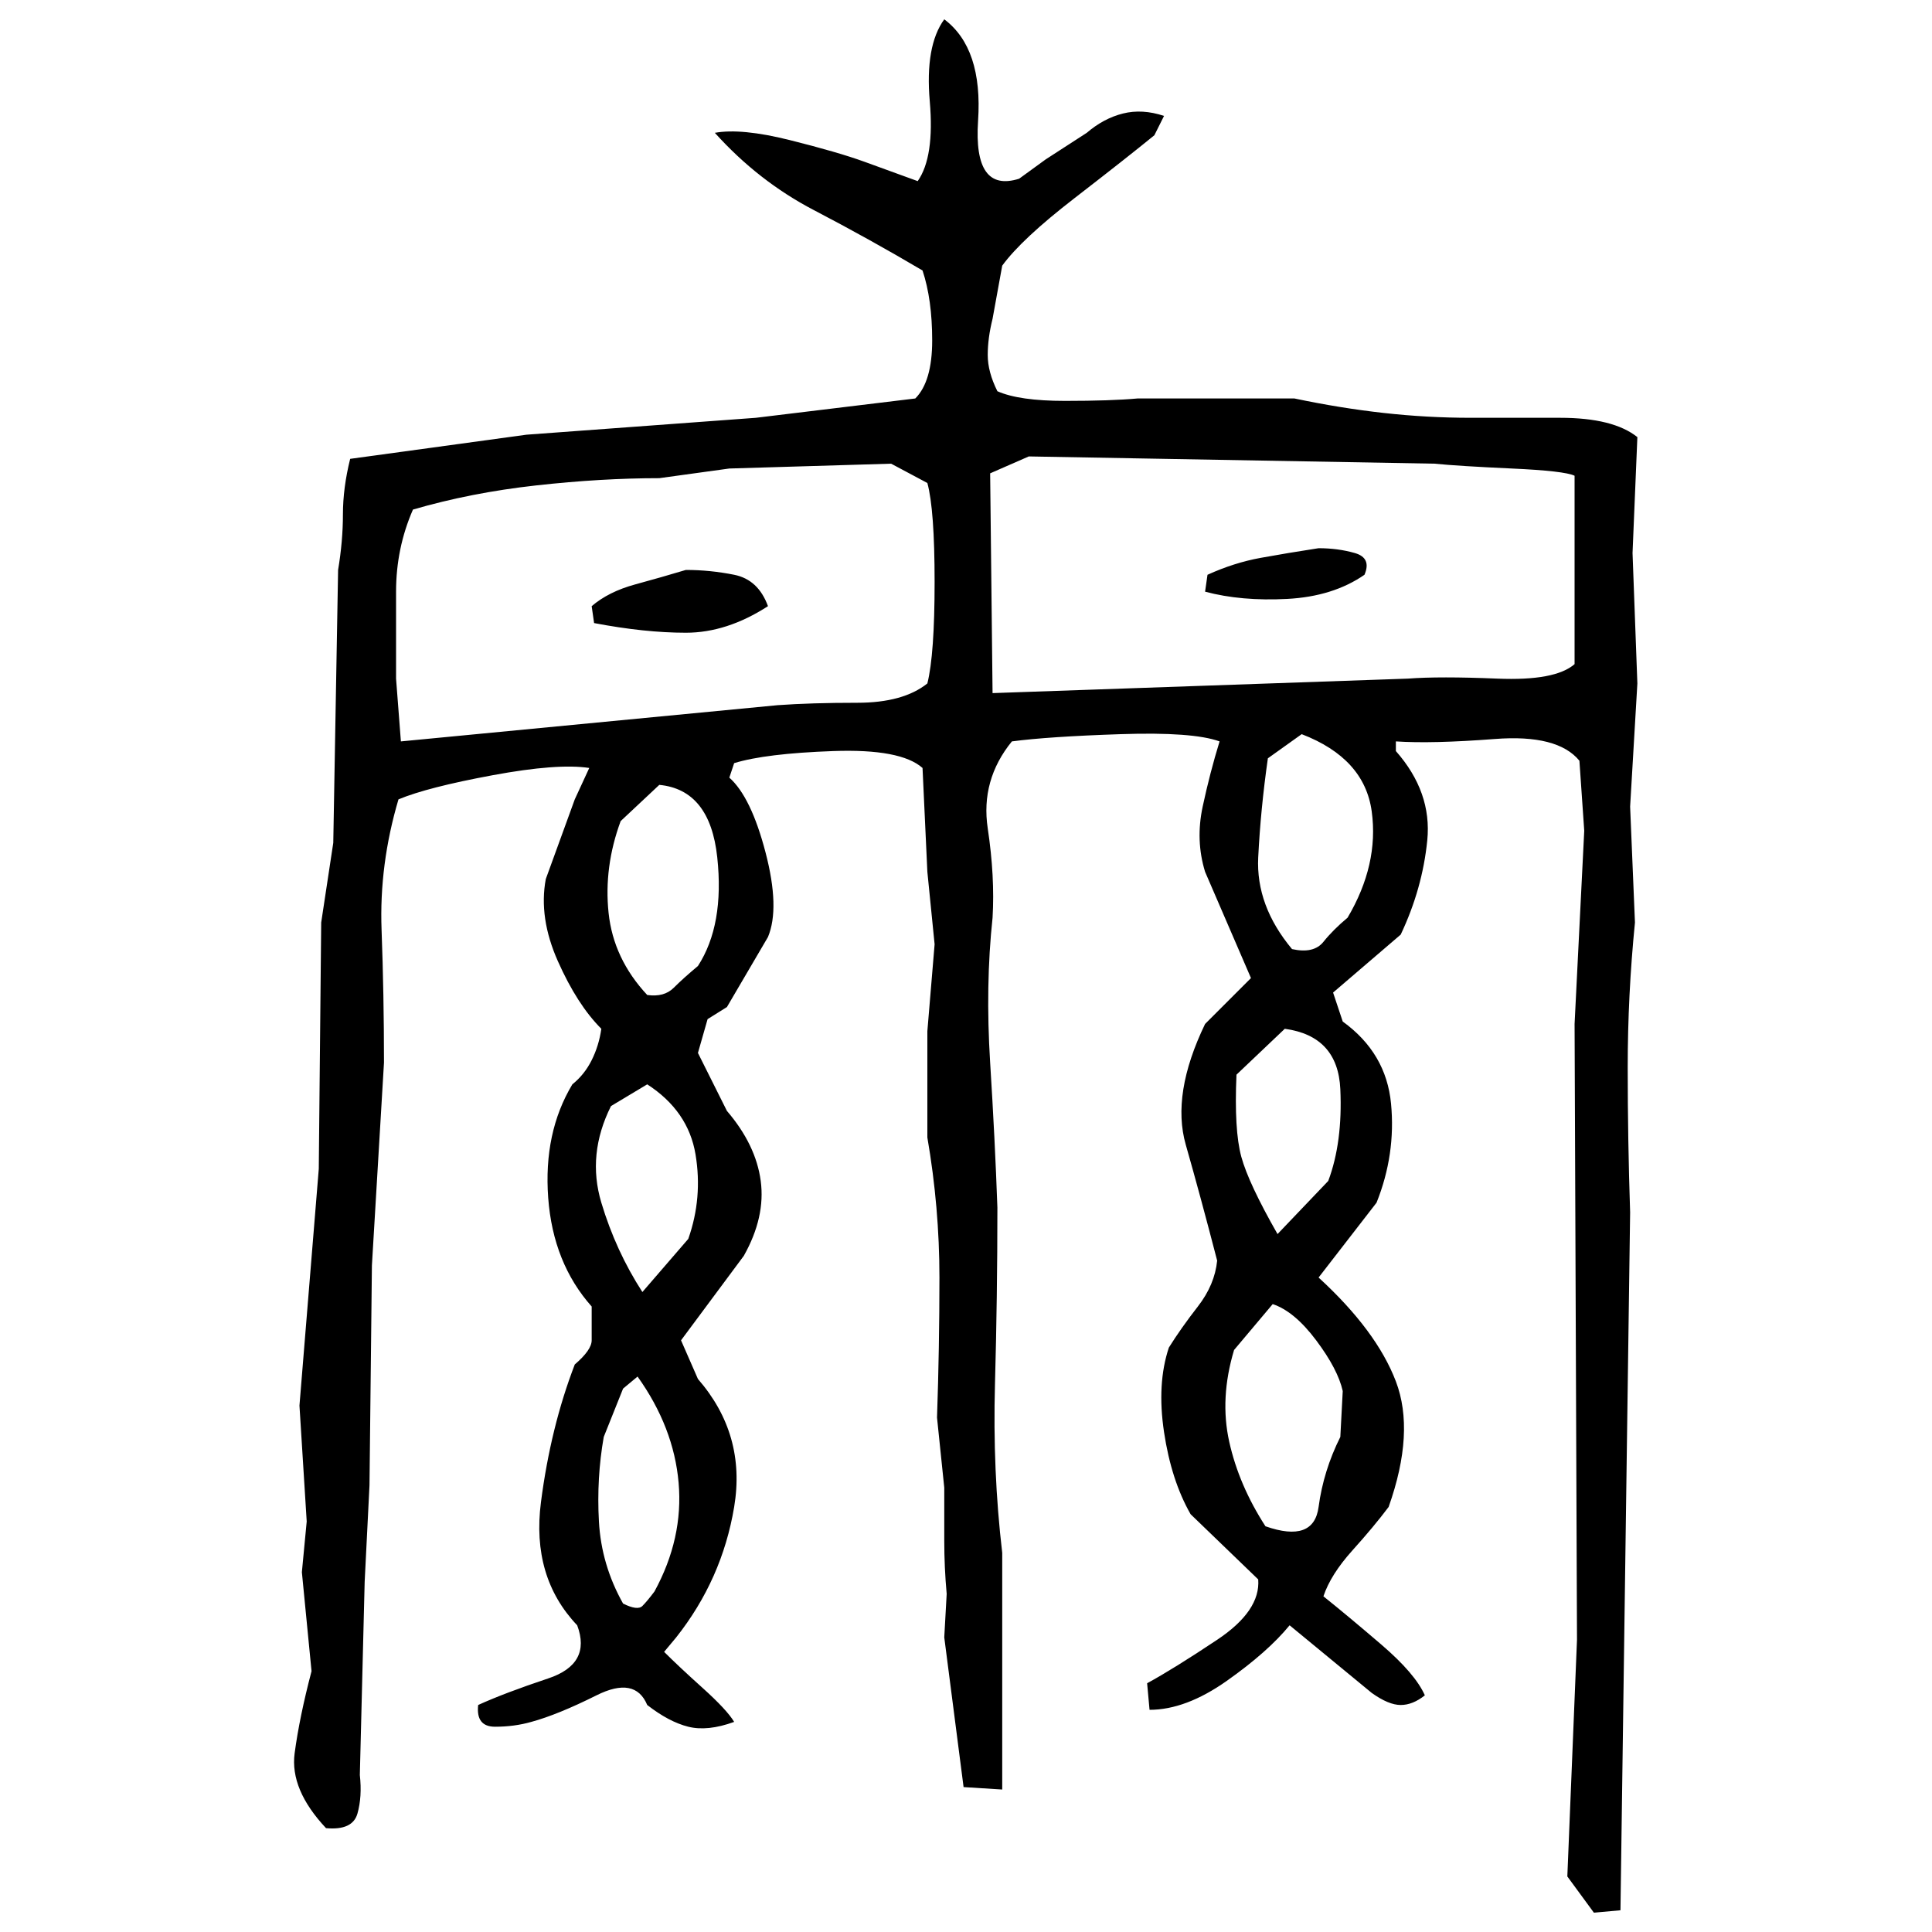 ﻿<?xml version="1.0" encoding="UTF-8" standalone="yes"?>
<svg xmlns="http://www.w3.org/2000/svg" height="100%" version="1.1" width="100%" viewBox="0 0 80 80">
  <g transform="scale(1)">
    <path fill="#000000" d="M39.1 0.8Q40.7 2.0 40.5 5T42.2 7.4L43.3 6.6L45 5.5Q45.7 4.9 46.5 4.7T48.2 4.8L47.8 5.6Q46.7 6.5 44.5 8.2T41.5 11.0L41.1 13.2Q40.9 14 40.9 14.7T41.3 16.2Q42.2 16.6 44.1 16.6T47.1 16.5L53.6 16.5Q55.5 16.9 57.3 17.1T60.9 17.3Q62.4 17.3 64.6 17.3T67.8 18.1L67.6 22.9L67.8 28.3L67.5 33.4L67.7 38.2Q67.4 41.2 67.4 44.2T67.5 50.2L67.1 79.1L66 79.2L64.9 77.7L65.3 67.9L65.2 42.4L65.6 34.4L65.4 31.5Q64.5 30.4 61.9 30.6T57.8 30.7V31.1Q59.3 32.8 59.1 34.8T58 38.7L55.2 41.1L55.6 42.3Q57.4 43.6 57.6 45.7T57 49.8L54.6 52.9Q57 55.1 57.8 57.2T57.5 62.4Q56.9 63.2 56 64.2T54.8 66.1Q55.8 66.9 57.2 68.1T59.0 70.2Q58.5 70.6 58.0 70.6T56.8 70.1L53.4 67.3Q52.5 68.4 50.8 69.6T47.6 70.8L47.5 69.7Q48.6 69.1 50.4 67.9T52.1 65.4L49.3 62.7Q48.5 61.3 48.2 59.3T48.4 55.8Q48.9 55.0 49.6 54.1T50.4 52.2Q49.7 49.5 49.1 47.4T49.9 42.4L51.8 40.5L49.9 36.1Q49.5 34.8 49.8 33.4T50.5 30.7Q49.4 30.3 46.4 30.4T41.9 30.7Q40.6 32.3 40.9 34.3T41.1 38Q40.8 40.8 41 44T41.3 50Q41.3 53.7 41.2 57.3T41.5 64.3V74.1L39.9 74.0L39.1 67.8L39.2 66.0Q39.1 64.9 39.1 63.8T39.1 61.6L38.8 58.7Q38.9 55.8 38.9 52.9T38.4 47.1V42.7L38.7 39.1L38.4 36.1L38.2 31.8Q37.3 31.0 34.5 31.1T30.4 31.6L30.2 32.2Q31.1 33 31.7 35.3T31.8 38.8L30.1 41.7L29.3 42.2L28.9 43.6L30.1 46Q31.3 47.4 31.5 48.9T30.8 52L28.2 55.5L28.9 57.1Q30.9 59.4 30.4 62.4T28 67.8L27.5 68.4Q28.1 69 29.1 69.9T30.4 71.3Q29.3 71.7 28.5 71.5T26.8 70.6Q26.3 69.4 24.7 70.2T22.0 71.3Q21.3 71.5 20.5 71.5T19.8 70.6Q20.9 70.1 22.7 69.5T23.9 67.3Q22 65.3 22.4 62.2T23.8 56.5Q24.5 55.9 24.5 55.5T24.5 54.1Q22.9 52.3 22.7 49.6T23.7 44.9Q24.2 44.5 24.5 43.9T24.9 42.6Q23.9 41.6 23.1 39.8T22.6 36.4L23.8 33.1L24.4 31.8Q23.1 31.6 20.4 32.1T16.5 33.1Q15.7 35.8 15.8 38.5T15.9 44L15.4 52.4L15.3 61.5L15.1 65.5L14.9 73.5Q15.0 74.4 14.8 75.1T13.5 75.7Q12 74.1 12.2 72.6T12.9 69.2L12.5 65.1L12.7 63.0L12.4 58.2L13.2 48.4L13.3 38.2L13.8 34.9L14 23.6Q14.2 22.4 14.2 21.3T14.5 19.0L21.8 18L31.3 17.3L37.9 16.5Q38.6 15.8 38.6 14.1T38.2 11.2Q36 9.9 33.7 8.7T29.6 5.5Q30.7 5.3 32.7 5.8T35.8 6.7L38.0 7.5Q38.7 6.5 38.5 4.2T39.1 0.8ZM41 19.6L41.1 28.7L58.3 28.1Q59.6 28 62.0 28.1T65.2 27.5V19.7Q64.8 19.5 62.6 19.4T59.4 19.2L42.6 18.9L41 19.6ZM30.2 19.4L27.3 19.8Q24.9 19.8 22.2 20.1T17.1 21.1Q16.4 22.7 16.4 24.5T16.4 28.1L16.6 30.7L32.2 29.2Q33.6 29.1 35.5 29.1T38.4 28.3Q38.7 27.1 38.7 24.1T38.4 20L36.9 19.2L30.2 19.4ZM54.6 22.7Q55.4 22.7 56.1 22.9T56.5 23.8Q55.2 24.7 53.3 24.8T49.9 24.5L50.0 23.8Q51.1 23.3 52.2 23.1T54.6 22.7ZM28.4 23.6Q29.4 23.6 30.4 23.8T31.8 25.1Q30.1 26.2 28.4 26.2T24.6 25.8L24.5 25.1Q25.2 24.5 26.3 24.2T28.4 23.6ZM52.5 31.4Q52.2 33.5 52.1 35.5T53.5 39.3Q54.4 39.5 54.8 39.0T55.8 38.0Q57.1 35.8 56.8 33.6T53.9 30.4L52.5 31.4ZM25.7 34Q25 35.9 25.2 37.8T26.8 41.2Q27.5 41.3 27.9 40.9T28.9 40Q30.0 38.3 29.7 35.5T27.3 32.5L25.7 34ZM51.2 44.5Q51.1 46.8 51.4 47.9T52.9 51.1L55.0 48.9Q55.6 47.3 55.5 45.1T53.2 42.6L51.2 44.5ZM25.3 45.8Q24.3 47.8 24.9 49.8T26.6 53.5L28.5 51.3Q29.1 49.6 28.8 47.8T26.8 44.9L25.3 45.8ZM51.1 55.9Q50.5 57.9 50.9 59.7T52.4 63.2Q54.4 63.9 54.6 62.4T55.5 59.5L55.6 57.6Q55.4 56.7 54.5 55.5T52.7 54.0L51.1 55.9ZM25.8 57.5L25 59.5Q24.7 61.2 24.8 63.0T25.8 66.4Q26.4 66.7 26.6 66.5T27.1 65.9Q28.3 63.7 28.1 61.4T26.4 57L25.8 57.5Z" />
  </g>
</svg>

◇ ◇ ◇

■ **PROMPT**: Each line of the data above is to be output exactly; the pictures are not to appear.

■ **EXERCISE OUTPUT**:
 ﻿<?xml version="1.0" encoding="UTF-8" standalone="yes"?>
<svg xmlns="http://www.w3.org/2000/svg" height="100%" version="1.1" width="100%" viewBox="0 0 80 80">
  <g transform="scale(1)">
    <path fill="#000000" d="M39.1 0.8Q40.7 2.0 40.5 5T42.2 7.4L43.3 6.6L45 5.5Q45.7 4.9 46.5 4.7T48.2 4.8L47.8 5.6Q46.7 6.5 44.5 8.2T41.5 11.0L41.1 13.2Q40.9 14 40.9 14.7T41.3 16.2Q42.2 16.6 44.1 16.6T47.1 16.5L53.6 16.5Q55.5 16.9 57.3 17.1T60.9 17.3Q62.4 17.3 64.6 17.3T67.8 18.1L67.6 22.9L67.8 28.3L67.5 33.4L67.7 38.2Q67.4 41.2 67.4 44.2T67.5 50.2L67.1 79.1L66 79.2L64.9 77.7L65.3 67.9L65.2 42.4L65.6 34.4L65.4 31.5Q64.5 30.4 61.9 30.6T57.8 30.7V31.1Q59.3 32.8 59.1 34.8T58 38.7L55.2 41.1L55.6 42.3Q57.4 43.6 57.6 45.7T57 49.8L54.6 52.9Q57 55.1 57.8 57.2T57.5 62.4Q56.9 63.2 56 64.2T54.8 66.1Q55.8 66.9 57.2 68.1T59.0 70.2Q58.5 70.6 58.0 70.6T56.8 70.1L53.4 67.3Q52.5 68.4 50.8 69.6T47.6 70.8L47.5 69.7Q48.6 69.1 50.4 67.9T52.1 65.4L49.3 62.7Q48.5 61.3 48.2 59.3T48.4 55.8Q48.9 55.0 49.6 54.1T50.4 52.2Q49.7 49.5 49.1 47.4T49.9 42.4L51.8 40.5L49.9 36.1Q49.5 34.8 49.8 33.4T50.5 30.7Q49.4 30.3 46.4 30.4T41.9 30.7Q40.6 32.3 40.9 34.3T41.1 38Q40.8 40.8 41 44T41.3 50Q41.3 53.7 41.2 57.3T41.5 64.3V74.1L39.9 74.0L39.1 67.8L39.2 66.0Q39.1 64.9 39.1 63.8T39.1 61.6L38.8 58.7Q38.9 55.8 38.9 52.9T38.4 47.1V42.7L38.7 39.1L38.4 36.1L38.2 31.8Q37.3 31.0 34.5 31.1T30.4 31.6L30.2 32.2Q31.1 33 31.7 35.3T31.8 38.8L30.1 41.7L29.3 42.2L28.9 43.6L30.1 46Q31.3 47.4 31.5 48.9T30.8 52L28.2 55.5L28.9 57.1Q30.9 59.4 30.4 62.4T28 67.8L27.5 68.4Q28.1 69 29.1 69.9T30.4 71.3Q29.3 71.7 28.5 71.5T26.8 70.6Q26.3 69.4 24.7 70.2T22.0 71.3Q21.3 71.5 20.5 71.5T19.8 70.6Q20.9 70.1 22.7 69.5T23.9 67.3Q22 65.3 22.4 62.2T23.8 56.5Q24.5 55.9 24.5 55.5T24.5 54.1Q22.9 52.3 22.7 49.6T23.7 44.9Q24.2 44.5 24.5 43.9T24.9 42.6Q23.9 41.6 23.1 39.8T22.6 36.4L23.8 33.1L24.4 31.8Q23.1 31.6 20.4 32.1T16.5 33.1Q15.7 35.8 15.8 38.5T15.9 44L15.4 52.4L15.3 61.5L15.1 65.5L14.9 73.5Q15.0 74.4 14.8 75.1T13.5 75.7Q12 74.1 12.2 72.6T12.9 69.2L12.5 65.1L12.7 63.0L12.4 58.2L13.2 48.4L13.3 38.2L13.8 34.9L14 23.6Q14.2 22.4 14.2 21.3T14.5 19.0L21.8 18L31.3 17.3L37.9 16.5Q38.6 15.8 38.6 14.1T38.2 11.2Q36 9.9 33.7 8.7T29.6 5.5Q30.7 5.3 32.7 5.8T35.8 6.7L38.0 7.5Q38.7 6.5 38.5 4.2T39.1 0.8ZM41 19.6L41.1 28.7L58.3 28.1Q59.6 28 62.0 28.1T65.2 27.5V19.7Q64.8 19.5 62.6 19.4T59.4 19.2L42.6 18.9L41 19.6ZM30.2 19.4L27.3 19.8Q24.9 19.8 22.2 20.1T17.1 21.1Q16.4 22.7 16.4 24.5T16.4 28.1L16.6 30.7L32.2 29.2Q33.6 29.1 35.5 29.1T38.4 28.3Q38.7 27.1 38.7 24.1T38.4 20L36.9 19.2L30.2 19.4ZM54.6 22.7Q55.4 22.7 56.1 22.9T56.5 23.8Q55.2 24.7 53.3 24.8T49.9 24.5L50.0 23.8Q51.1 23.3 52.2 23.1T54.6 22.7ZM28.4 23.6Q29.4 23.6 30.4 23.8T31.8 25.1Q30.1 26.2 28.4 26.2T24.6 25.8L24.5 25.1Q25.2 24.5 26.3 24.2T28.4 23.6ZM52.5 31.4Q52.2 33.5 52.1 35.5T53.5 39.3Q54.4 39.5 54.8 39.0T55.8 38.0Q57.1 35.8 56.8 33.6T53.9 30.4L52.5 31.4ZM25.7 34Q25 35.9 25.2 37.8T26.8 41.2Q27.5 41.3 27.9 40.9T28.9 40Q30.0 38.3 29.7 35.5T27.3 32.5L25.7 34ZM51.2 44.5Q51.1 46.8 51.4 47.9T52.9 51.1L55.0 48.9Q55.6 47.3 55.5 45.1T53.2 42.6L51.2 44.5ZM25.3 45.8Q24.3 47.8 24.9 49.8T26.6 53.5L28.5 51.3Q29.1 49.6 28.8 47.8T26.8 44.9L25.3 45.8ZM51.1 55.9Q50.5 57.9 50.9 59.7T52.4 63.2Q54.4 63.9 54.6 62.4T55.5 59.5L55.6 57.6Q55.4 56.7 54.5 55.5T52.7 54.0L51.1 55.9ZM25.8 57.5L25 59.5Q24.7 61.2 24.8 63.0T25.8 66.4Q26.4 66.7 26.6 66.5T27.1 65.9Q28.3 63.7 28.1 61.4T26.4 57L25.8 57.5Z" />
  </g>
</svg>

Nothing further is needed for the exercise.